## DIRECTIONS
Starting with the line containing "Invasive ductal carcinoma" and going on through the line containing "Health status: healthy", return the lines of the data below exactly, and only those.
── MATERIAL FOR THIS EXERCISE ──
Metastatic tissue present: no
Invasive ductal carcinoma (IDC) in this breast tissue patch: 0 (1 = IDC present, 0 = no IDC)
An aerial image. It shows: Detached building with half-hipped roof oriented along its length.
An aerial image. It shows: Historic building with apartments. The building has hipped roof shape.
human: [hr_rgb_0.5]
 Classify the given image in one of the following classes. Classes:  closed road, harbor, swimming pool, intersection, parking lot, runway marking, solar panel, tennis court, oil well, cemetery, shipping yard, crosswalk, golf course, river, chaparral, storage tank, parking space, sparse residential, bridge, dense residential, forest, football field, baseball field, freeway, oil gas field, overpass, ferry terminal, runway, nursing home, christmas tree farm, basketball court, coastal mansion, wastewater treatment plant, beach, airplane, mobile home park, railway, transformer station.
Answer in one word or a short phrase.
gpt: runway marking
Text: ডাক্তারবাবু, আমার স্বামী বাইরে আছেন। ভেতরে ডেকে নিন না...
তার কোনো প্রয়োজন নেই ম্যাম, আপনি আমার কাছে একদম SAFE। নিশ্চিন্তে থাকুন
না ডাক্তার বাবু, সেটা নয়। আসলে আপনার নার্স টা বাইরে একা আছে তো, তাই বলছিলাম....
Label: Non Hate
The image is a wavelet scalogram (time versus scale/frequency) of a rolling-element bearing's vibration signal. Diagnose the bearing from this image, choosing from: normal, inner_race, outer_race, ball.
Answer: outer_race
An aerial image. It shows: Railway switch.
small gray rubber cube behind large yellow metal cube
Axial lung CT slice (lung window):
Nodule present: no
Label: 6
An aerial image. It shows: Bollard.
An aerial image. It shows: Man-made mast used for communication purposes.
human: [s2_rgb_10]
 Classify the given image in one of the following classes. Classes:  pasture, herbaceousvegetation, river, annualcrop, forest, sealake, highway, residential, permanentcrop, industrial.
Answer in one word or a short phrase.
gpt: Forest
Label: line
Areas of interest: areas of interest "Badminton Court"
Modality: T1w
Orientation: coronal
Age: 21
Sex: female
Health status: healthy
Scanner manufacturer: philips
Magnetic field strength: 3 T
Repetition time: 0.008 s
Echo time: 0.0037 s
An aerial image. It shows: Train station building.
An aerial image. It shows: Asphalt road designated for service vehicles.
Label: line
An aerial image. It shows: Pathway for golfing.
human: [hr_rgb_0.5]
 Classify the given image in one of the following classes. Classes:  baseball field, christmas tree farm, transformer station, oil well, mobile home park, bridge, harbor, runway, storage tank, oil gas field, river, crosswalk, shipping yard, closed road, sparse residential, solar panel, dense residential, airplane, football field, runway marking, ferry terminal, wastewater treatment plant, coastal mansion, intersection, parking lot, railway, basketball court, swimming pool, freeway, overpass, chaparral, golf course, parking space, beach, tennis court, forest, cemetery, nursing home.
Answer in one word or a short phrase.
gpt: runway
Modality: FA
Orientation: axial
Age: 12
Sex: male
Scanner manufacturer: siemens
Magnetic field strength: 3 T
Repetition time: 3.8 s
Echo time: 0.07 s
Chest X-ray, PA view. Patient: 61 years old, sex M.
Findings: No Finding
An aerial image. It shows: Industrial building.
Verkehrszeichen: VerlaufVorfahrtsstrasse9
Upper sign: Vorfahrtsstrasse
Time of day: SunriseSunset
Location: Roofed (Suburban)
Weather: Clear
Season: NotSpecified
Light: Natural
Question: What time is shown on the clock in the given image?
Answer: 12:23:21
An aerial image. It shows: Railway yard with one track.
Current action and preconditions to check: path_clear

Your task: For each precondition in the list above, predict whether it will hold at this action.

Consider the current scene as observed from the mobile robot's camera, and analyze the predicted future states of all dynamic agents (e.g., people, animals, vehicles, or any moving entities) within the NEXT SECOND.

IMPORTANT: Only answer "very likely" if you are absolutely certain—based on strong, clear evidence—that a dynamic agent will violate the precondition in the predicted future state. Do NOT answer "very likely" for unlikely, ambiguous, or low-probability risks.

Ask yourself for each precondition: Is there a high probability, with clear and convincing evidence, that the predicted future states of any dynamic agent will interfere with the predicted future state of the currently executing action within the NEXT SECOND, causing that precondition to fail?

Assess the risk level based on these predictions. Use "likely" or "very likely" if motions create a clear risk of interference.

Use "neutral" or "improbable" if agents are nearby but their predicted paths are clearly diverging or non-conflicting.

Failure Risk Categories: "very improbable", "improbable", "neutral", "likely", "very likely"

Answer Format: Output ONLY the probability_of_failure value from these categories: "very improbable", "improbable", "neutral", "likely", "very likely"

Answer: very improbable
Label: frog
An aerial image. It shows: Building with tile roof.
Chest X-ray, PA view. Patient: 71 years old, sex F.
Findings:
───
## TASK RESPONSE
Invasive ductal carcinoma (IDC) in this breast tissue patch: 0 (1 = IDC present, 0 = no IDC)
An aerial image. It shows: Detached building with half-hipped roof oriented along its length.
An aerial image. It shows: Historic building with apartments. The building has hipped roof shape.
human: [hr_rgb_0.5]
 Classify the given image in one of the following classes. Classes:  closed road, harbor, swimming pool, intersection, parking lot, runway marking, solar panel, tennis court, oil well, cemetery, shipping yard, crosswalk, golf course, river, chaparral, storage tank, parking space, sparse residential, bridge, dense residential, forest, football field, baseball field, freeway, oil gas field, overpass, ferry terminal, runway, nursing home, christmas tree farm, basketball court, coastal mansion, wastewater treatment plant, beach, airplane, mobile home park, railway, transformer station.
Answer in one word or a short phrase.
gpt: runway marking
Text: ডাক্তারবাবু, আমার স্বামী বাইরে আছেন। ভেতরে ডেকে নিন না...
তার কোনো প্রয়োজন নেই ম্যাম, আপনি আমার কাছে একদম SAFE। নিশ্চিন্তে থাকুন
না ডাক্তার বাবু, সেটা নয়। আসলে আপনার নার্স টা বাইরে একা আছে তো, তাই বলছিলাম....
Label: Non Hate
The image is a wavelet scalogram (time versus scale/frequency) of a rolling-element bearing's vibration signal. Diagnose the bearing from this image, choosing from: normal, inner_race, outer_race, ball.
Answer: outer_race
An aerial image. It shows: Railway switch.
small gray rubber cube behind large yellow metal cube
Axial lung CT slice (lung window):
Nodule present: no
Label: 6
An aerial image. It shows: Bollard.
An aerial image. It shows: Man-made mast used for communication purposes.
human: [s2_rgb_10]
 Classify the given image in one of the following classes. Classes:  pasture, herbaceousvegetation, river, annualcrop, forest, sealake, highway, residential, permanentcrop, industrial.
Answer in one word or a short phrase.
gpt: Forest
Label: line
Areas of interest: areas of interest "Badminton Court"
Modality: T1w
Orientation: coronal
Age: 21
Sex: female
Health status: healthy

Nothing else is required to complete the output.